- _Task_: Without including any images, output the listing below exactly.

- _Supplied records_:
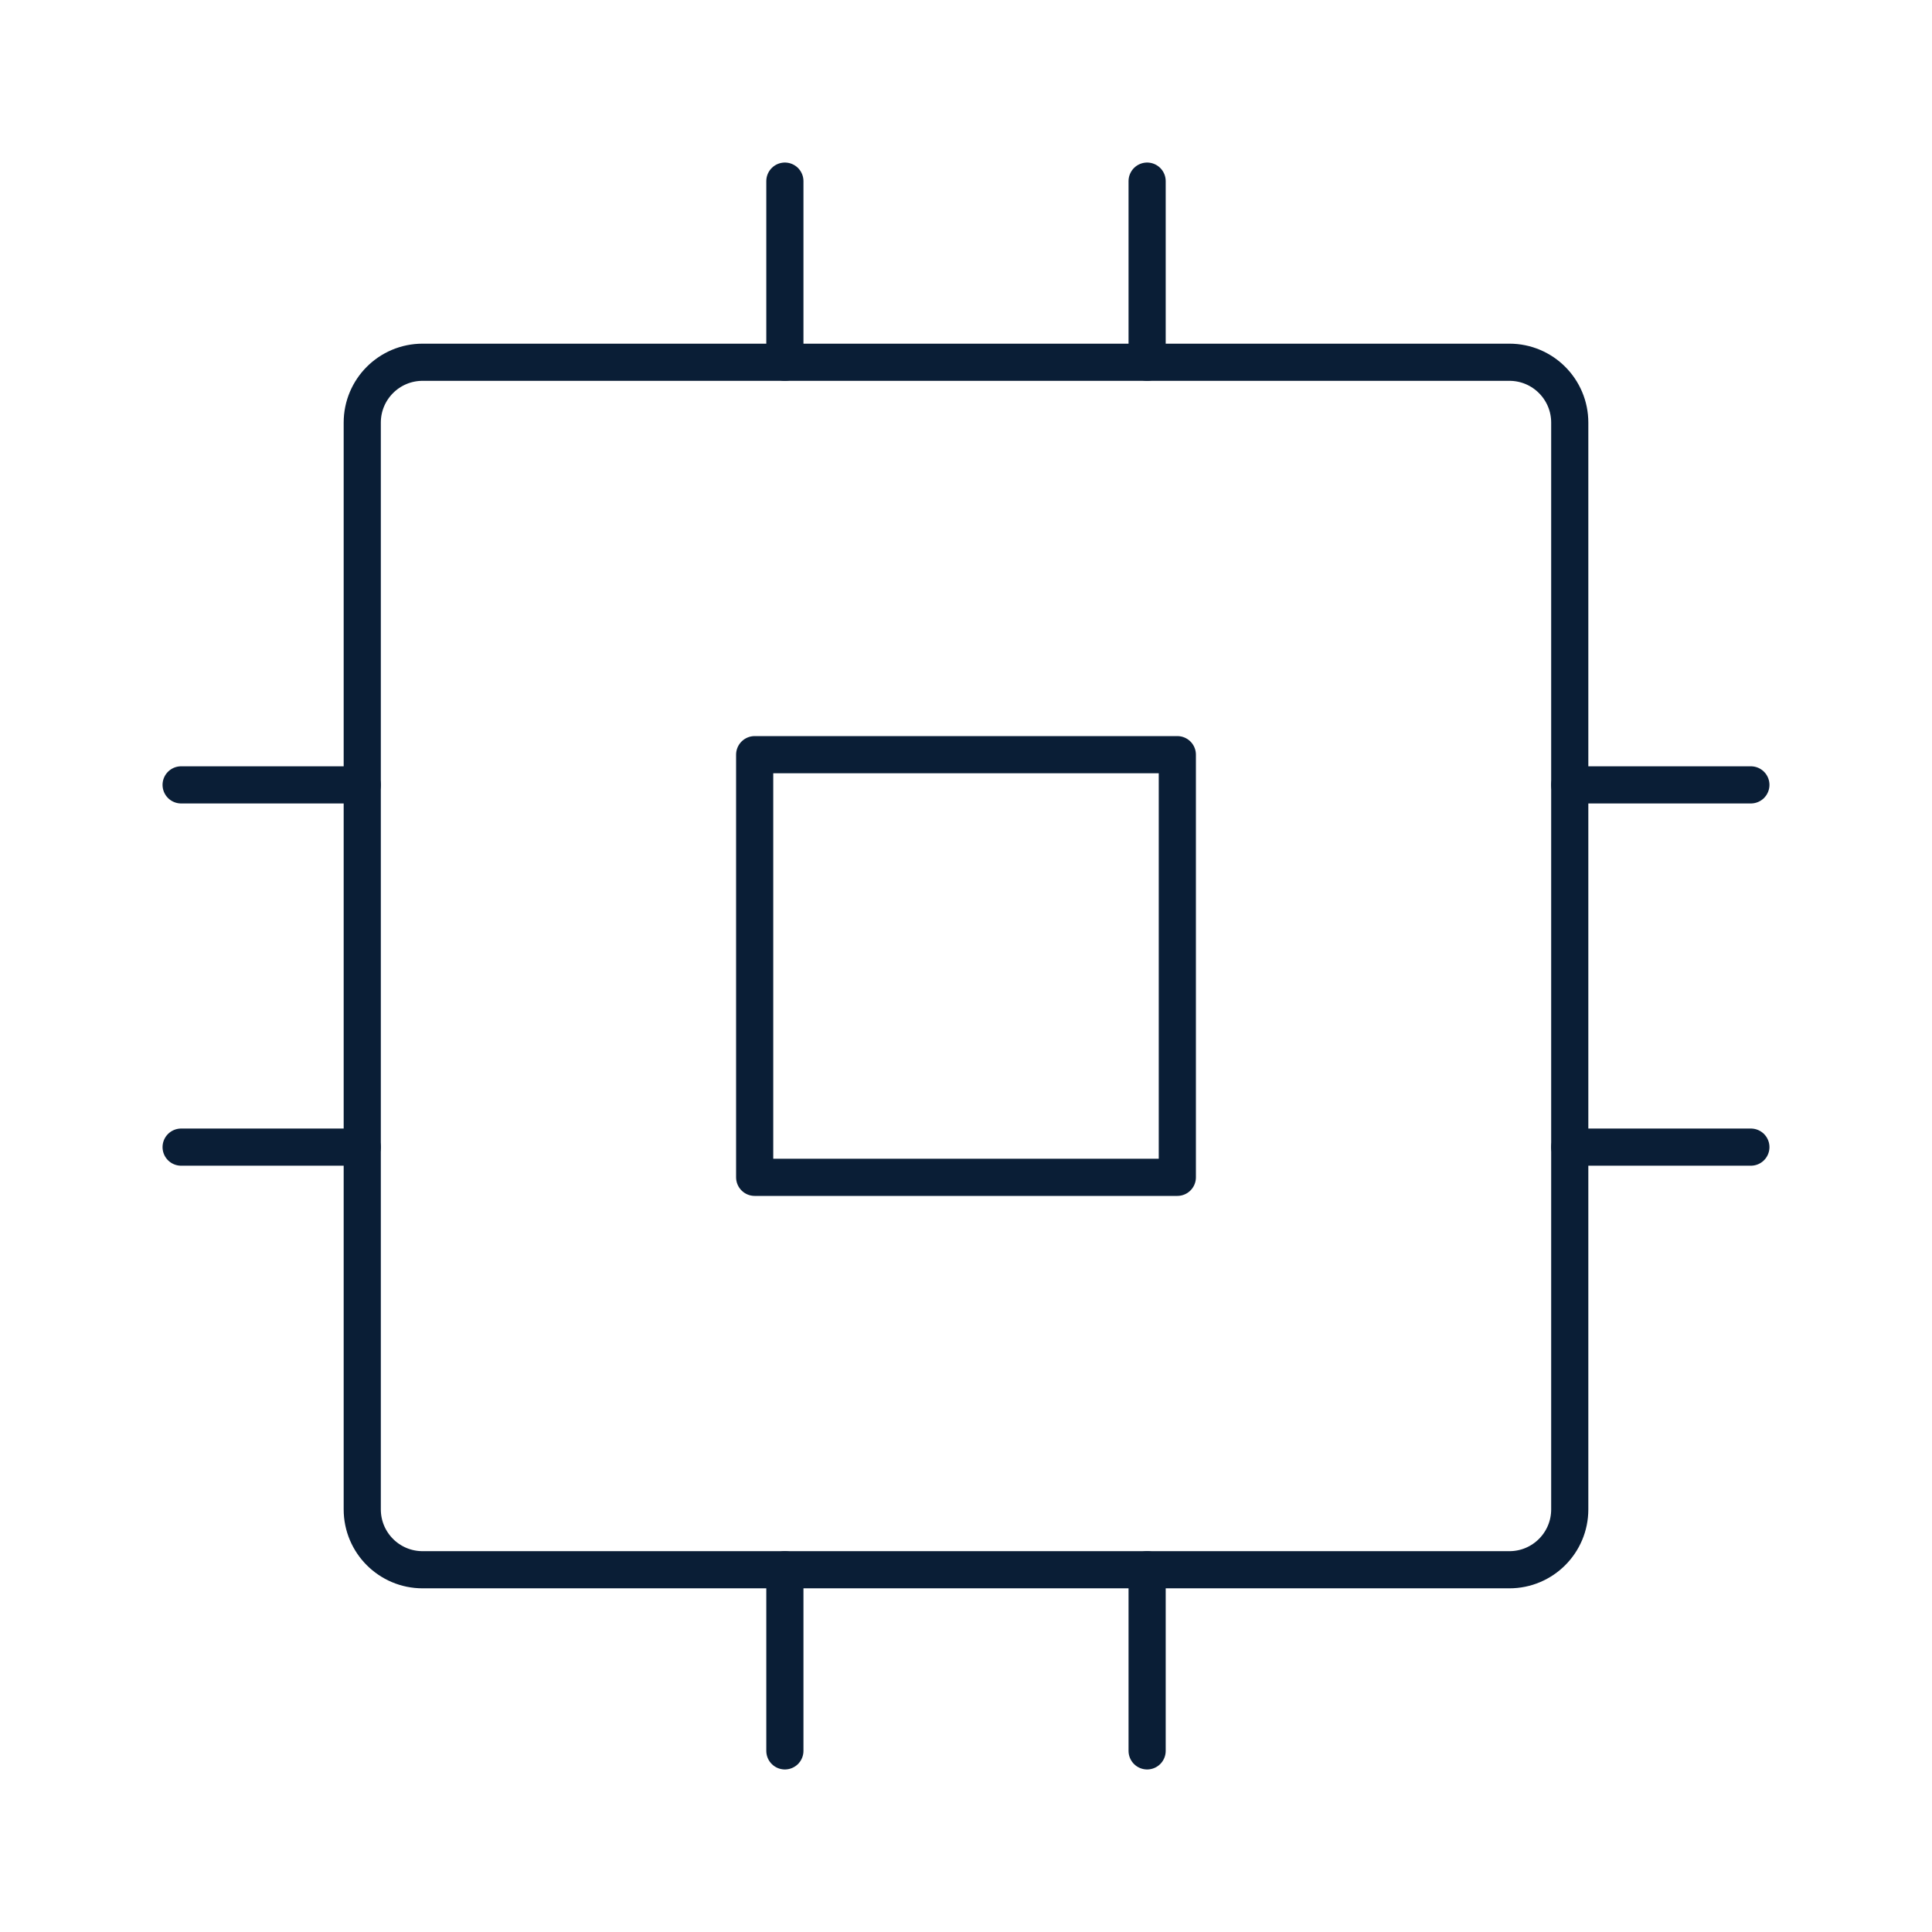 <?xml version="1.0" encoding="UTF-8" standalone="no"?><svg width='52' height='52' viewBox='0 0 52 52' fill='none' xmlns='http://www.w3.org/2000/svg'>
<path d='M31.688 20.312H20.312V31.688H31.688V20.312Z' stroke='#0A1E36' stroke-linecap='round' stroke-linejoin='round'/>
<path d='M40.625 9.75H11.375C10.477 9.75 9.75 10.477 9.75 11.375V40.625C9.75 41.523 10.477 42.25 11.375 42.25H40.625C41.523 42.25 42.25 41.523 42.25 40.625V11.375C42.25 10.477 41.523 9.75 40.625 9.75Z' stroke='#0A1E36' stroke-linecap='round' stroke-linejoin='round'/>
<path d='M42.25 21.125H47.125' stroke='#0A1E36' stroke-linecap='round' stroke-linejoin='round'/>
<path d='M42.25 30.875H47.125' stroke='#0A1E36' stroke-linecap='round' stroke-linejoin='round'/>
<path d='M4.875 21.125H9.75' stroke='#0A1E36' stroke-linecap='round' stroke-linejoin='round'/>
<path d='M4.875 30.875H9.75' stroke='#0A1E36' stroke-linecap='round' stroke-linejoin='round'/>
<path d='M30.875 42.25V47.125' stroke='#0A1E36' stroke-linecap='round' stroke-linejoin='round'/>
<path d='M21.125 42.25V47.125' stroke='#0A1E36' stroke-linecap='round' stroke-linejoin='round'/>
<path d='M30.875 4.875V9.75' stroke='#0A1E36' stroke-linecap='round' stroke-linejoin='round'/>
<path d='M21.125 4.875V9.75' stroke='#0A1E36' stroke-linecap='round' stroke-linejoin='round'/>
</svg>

- _Response below_:
 <?xml version="1.0" encoding="UTF-8" standalone="no"?><svg width='52' height='52' viewBox='0 0 52 52' fill='none' xmlns='http://www.w3.org/2000/svg'>
<path d='M31.688 20.312H20.312V31.688H31.688V20.312Z' stroke='#0A1E36' stroke-linecap='round' stroke-linejoin='round'/>
<path d='M40.625 9.75H11.375C10.477 9.75 9.75 10.477 9.75 11.375V40.625C9.75 41.523 10.477 42.25 11.375 42.25H40.625C41.523 42.25 42.25 41.523 42.25 40.625V11.375C42.25 10.477 41.523 9.75 40.625 9.75Z' stroke='#0A1E36' stroke-linecap='round' stroke-linejoin='round'/>
<path d='M42.25 21.125H47.125' stroke='#0A1E36' stroke-linecap='round' stroke-linejoin='round'/>
<path d='M42.25 30.875H47.125' stroke='#0A1E36' stroke-linecap='round' stroke-linejoin='round'/>
<path d='M4.875 21.125H9.75' stroke='#0A1E36' stroke-linecap='round' stroke-linejoin='round'/>
<path d='M4.875 30.875H9.75' stroke='#0A1E36' stroke-linecap='round' stroke-linejoin='round'/>
<path d='M30.875 42.25V47.125' stroke='#0A1E36' stroke-linecap='round' stroke-linejoin='round'/>
<path d='M21.125 42.25V47.125' stroke='#0A1E36' stroke-linecap='round' stroke-linejoin='round'/>
<path d='M30.875 4.875V9.75' stroke='#0A1E36' stroke-linecap='round' stroke-linejoin='round'/>
<path d='M21.125 4.875V9.75' stroke='#0A1E36' stroke-linecap='round' stroke-linejoin='round'/>
</svg>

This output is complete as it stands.